Rebecca Jones is a PhD researcher in English at the University of Strathclyde. Her thesis, Consuming Men: Masculinity, Meat and Myth in Literary Fictions from Mary Shelley to Ursula K. Le Guin, uses ecofeminist animal studies to analyse masculinity, species and the meaning of ‘meat’ in literary retellings of the Prometheus myth, from Frankenstein to the present day. She is a freelance workshop facilitator and tutor with a background in feminist activist facilitation and group reading as activist practice. She is the coordinator of the Glasgow Women’s Library Book Group and founder and coordinator of the Feminist Reading Group.
Speculations on Species: Ecofeminist Science Fiction as Academia and Activism
Storytelling is a powerful means both of reflecting the world in which we live, and of suggesting how it might be created in a different image and with alternative agency.
Science fiction, speculative, utopian and dystopian narratives in particular have long proven effective ways of radically reimagining reality, and of amplifying historically unheard and ignored voices, providing a genre space for the silent (human) majority.

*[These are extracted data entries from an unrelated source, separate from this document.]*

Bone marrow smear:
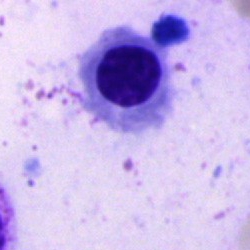

The cell shown is a normoblast.
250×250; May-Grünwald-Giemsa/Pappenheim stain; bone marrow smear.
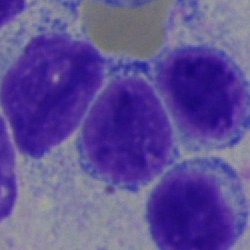 Showing a lymphocyte.
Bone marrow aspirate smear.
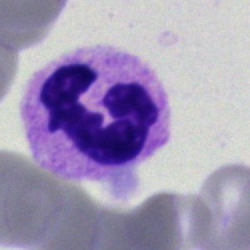Q: What is shown here?
A: It is a polymorphonuclear neutrophil.
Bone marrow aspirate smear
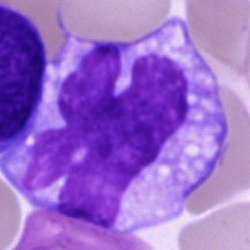 {"cell_type": "monocyte"}
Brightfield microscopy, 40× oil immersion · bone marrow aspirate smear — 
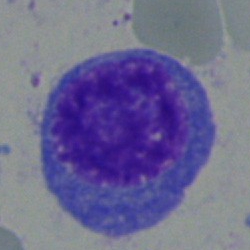 Q: What is shown here?
A: A plasmacyte.
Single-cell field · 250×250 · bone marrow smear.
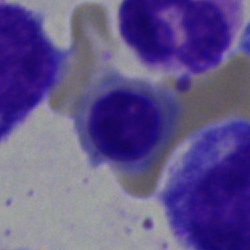
Morphological class — nucleated red cell.
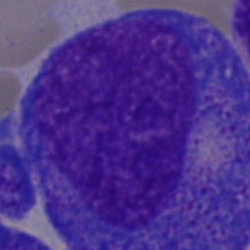 Bone marrow smear showing a progranulocyte.
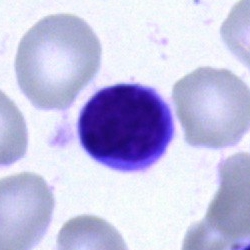 Cell type: lymphocyte.
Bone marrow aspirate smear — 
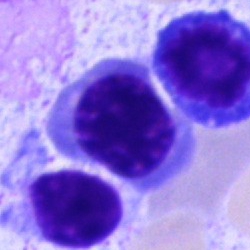Impression → nucleated red blood cell.
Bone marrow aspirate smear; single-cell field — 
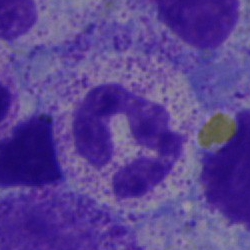
Q: What is the morphological classification of this cell?
A: It is a neutrophil (segmented).
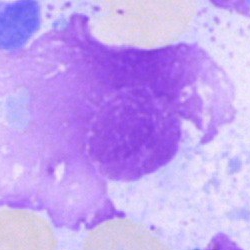

Cell = artefact.
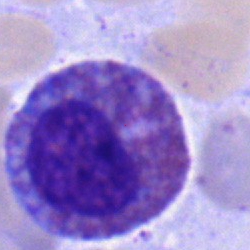Single cell identified as an eosinophilic granulocyte.
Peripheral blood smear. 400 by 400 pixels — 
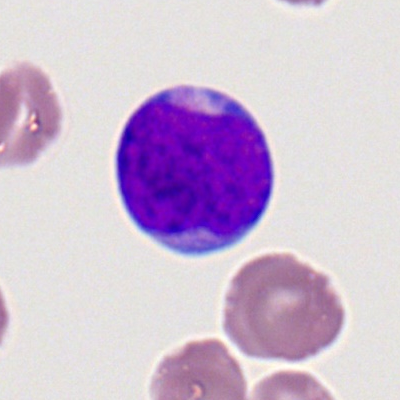
Q: What cell is this?
A: This is a myeloblast.
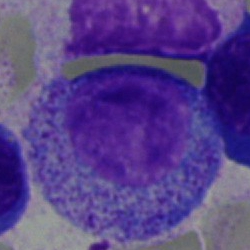
The morphological class is progranulocyte.
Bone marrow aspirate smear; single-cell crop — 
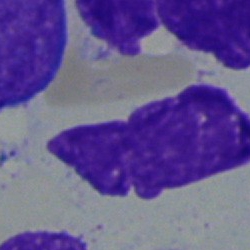
Morphology consistent with a nucleated red blood cell.
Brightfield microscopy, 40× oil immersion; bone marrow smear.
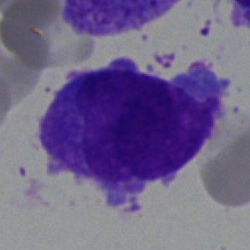

Specimen: bone marrow smear.
Classification: promyelocyte.
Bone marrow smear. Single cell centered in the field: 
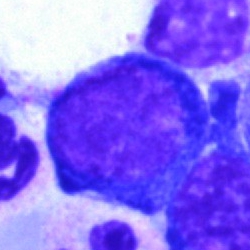Q: What type of cell is this?
A: Pronormoblast.
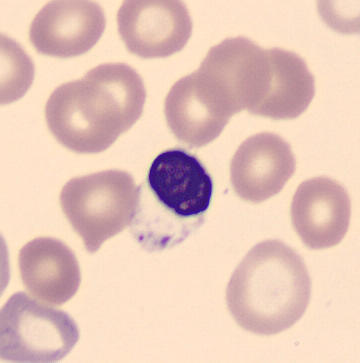

Cell: normoblast.

Peripheral blood film.

Since Mary Shelley’s Frankenstein (1818), the authors of these narratives have conjured with the question of species, helping their readers to interrogate oppression and otherness, and the role of the hegemony and patriarchy in structuring our co-existences.
In the context of growing collective awareness of climate crises and mass extinction, and in the age of the COVID-19 pandemic, science fiction has an increasingly important role to play in fictional storytelling as a means both of forewarning, and of helping us to explore, shift perspectives, and think radically and creatively about human relationships with the more-than-human world. Where these narratives are written and/or read through an ecofeminist lens, the interconnections between human and more-than-human oppressions are thrown into sharp relief, rendering the urgent need for connected anti-oppression in both academia and activism ever more visible.
In this paper I offer ecofeminist readings of a selection of science fiction texts from the past 200 years, demonstrating the trajectory of how such texts have both foreshadowed changes in human/more-than-human relations, and suggested possible outcomes of the ongoing evolution of that relationship. This analysis will show the power that science fiction has to help us to unite academia and activism in a positive vision of animal futures in a post-COVID world, and that ‘the limits of current human-animal relations can be transcended by imagining the world otherwise’ (Vint, 2014, p.16).
References
Vint, S. (2014) Animal Alterity: Science Fiction and the Question of the Animal. Liverpool: Liverpool University Press.